Goal: To design an RL method that does not rely on policy ratios, requires only a single approximation of the current policy's likelihood, and makes full use of both positive and negative samples.

Key Insight: Starting from reverse-KL regularized policy optimization, the paper derives an analytic form of the optimal policy and then minimizes \(D_{KL}(\pi^* \| \pi_\theta)\), converting optimization into weighted log-likelihood maximization—entirely free of policy ratios.

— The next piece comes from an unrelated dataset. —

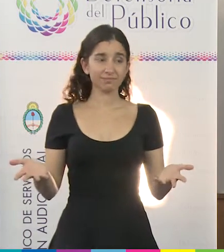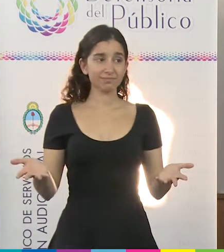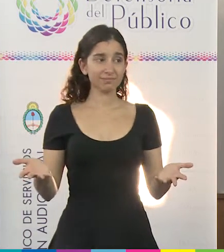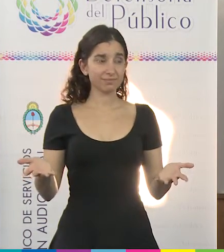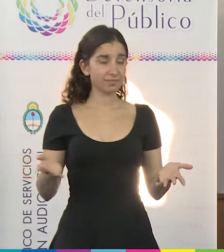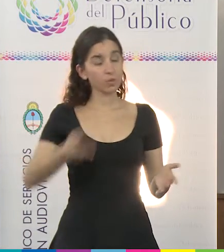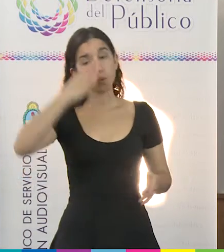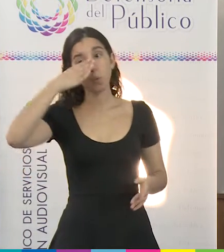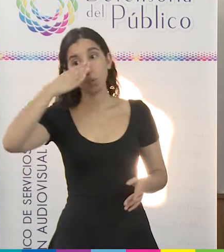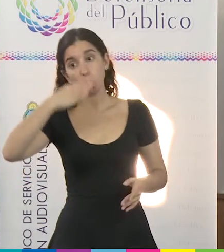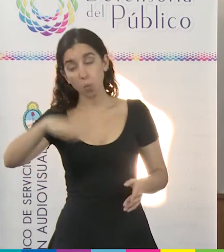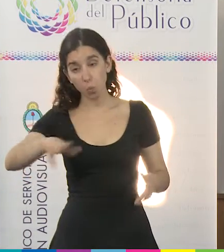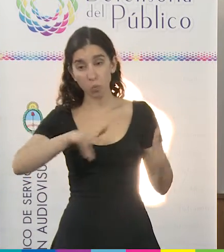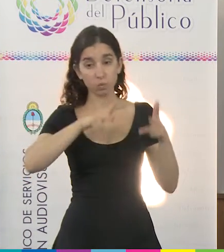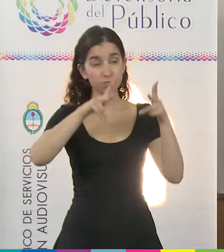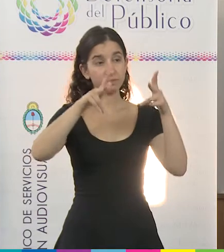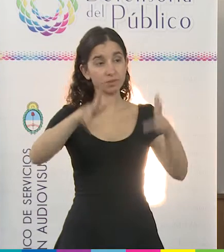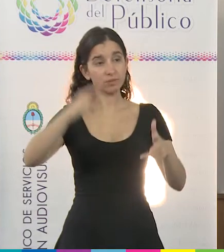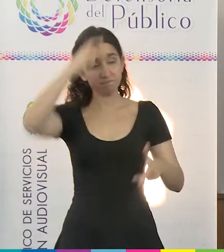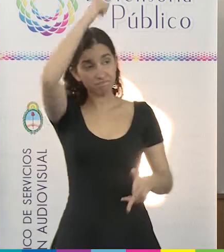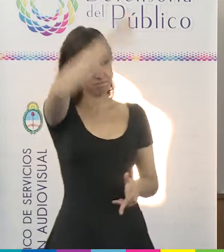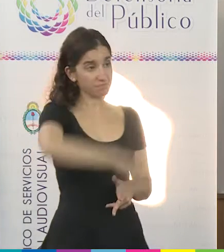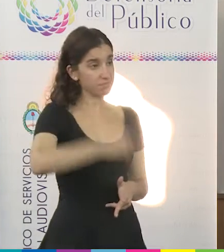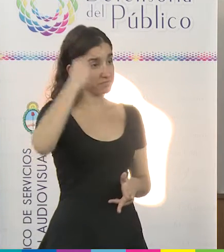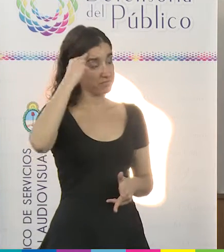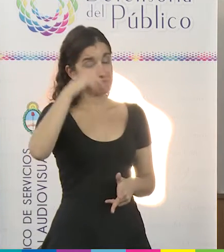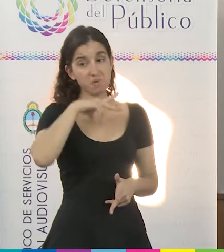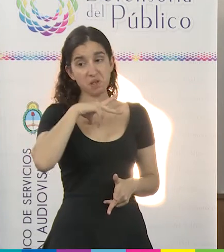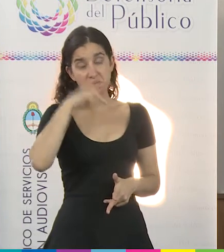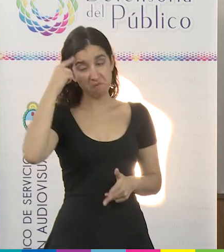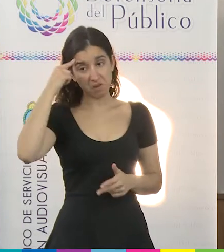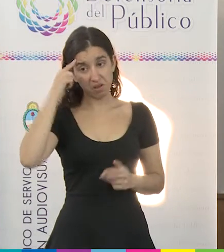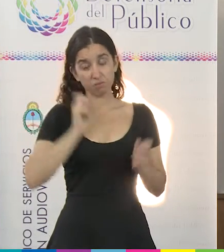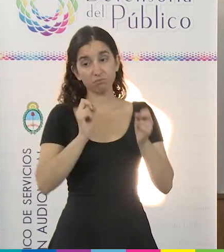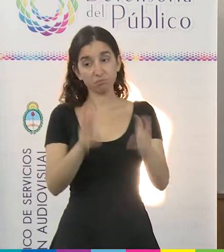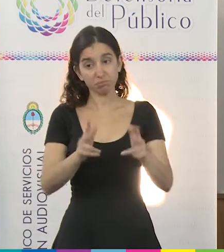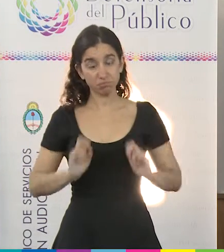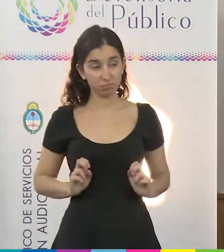y por último y como reflexión personal compañeros
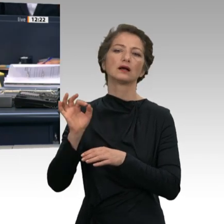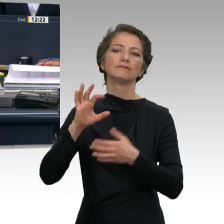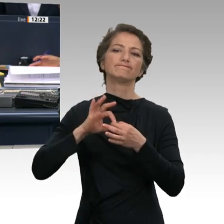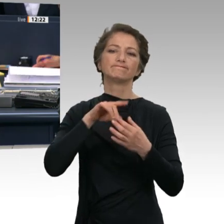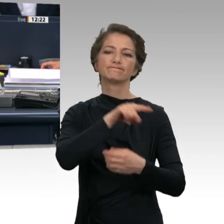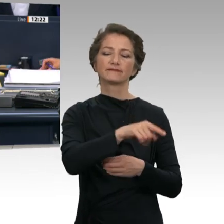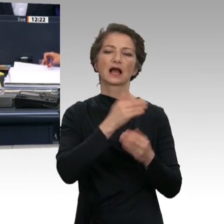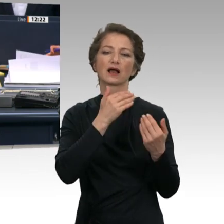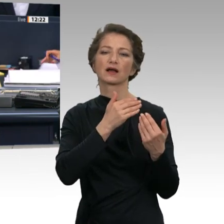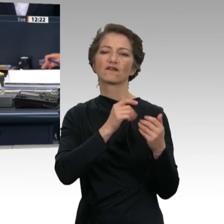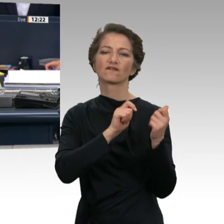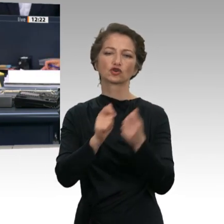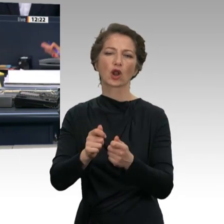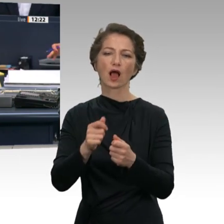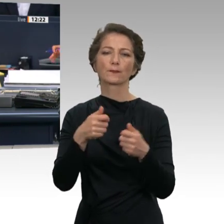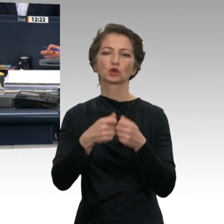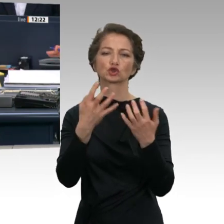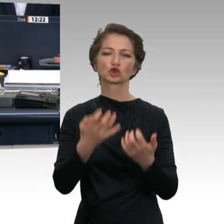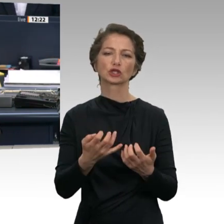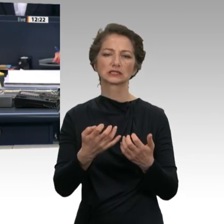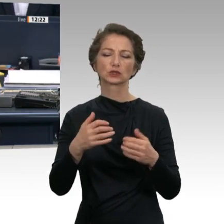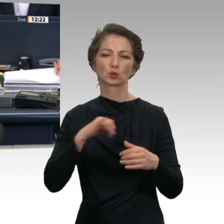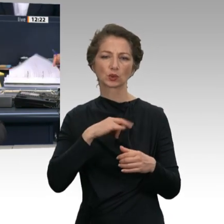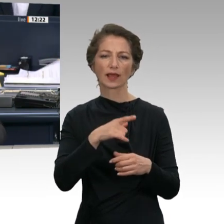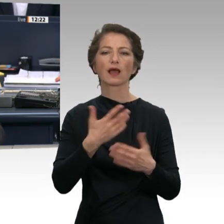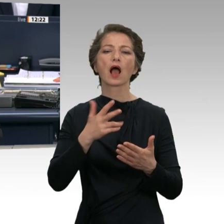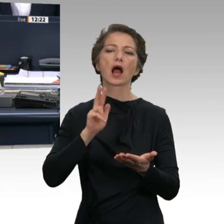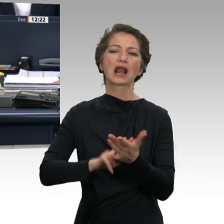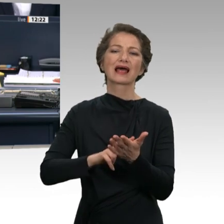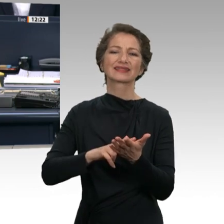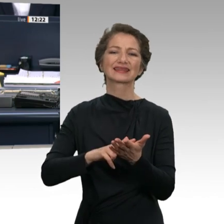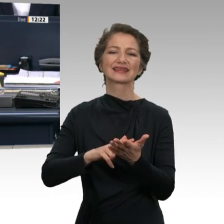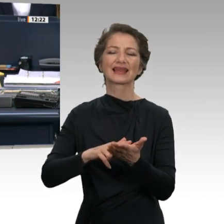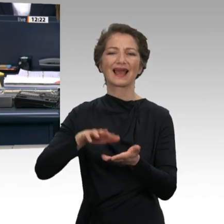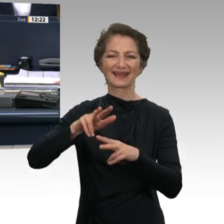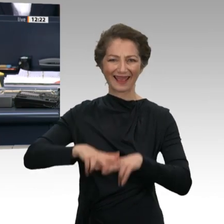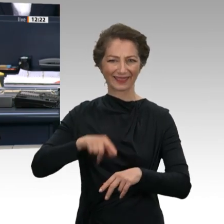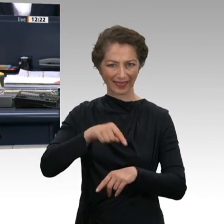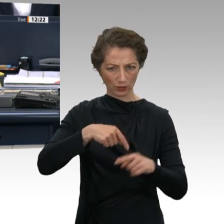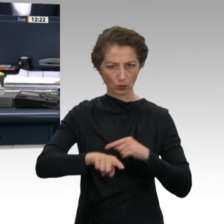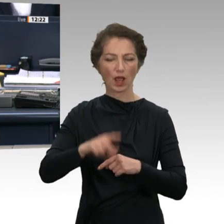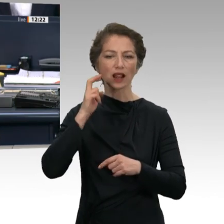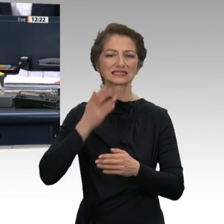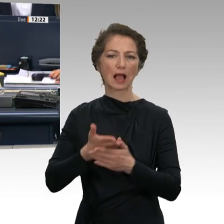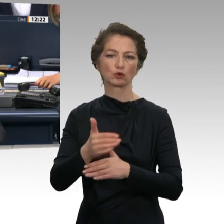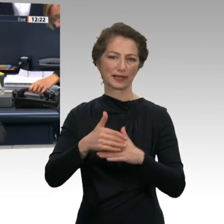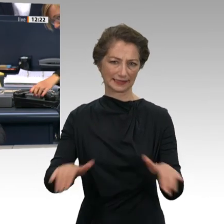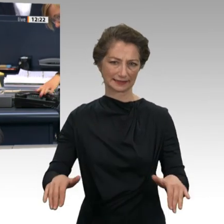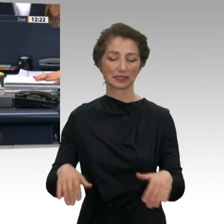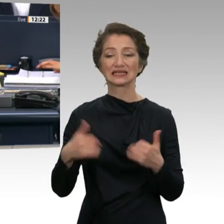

Core Idea: The RL objective is reformulated as a weighted log-likelihood (WLL), where weights are determined by the exponential of the advantage function. A negative-sample penalty term (\(w^-\)) is further introduced to actively reduce the likelihood of low-advantage completions, yielding wd1. The paper theoretically shows that wd1 is equivalent to energy-guided discrete diffusion training combined with negative-sample forgetting.

Method

Overall Architecture

Given a prompt \(q\), the policy \(\pi_\theta\) generates \(G\) completions \(\{o_i\}\), which are scored by a reward function \(R(q, o_i)\). Group-relative advantages \(\hat{A}_i = R(q, o_i) - \text{mean}(R)\) are computed, and the policy is updated via a weighted log-likelihood objective without computing any policy ratio.

Key Designs

  1. Weighted Log-Likelihood Objective (WLL → wd1)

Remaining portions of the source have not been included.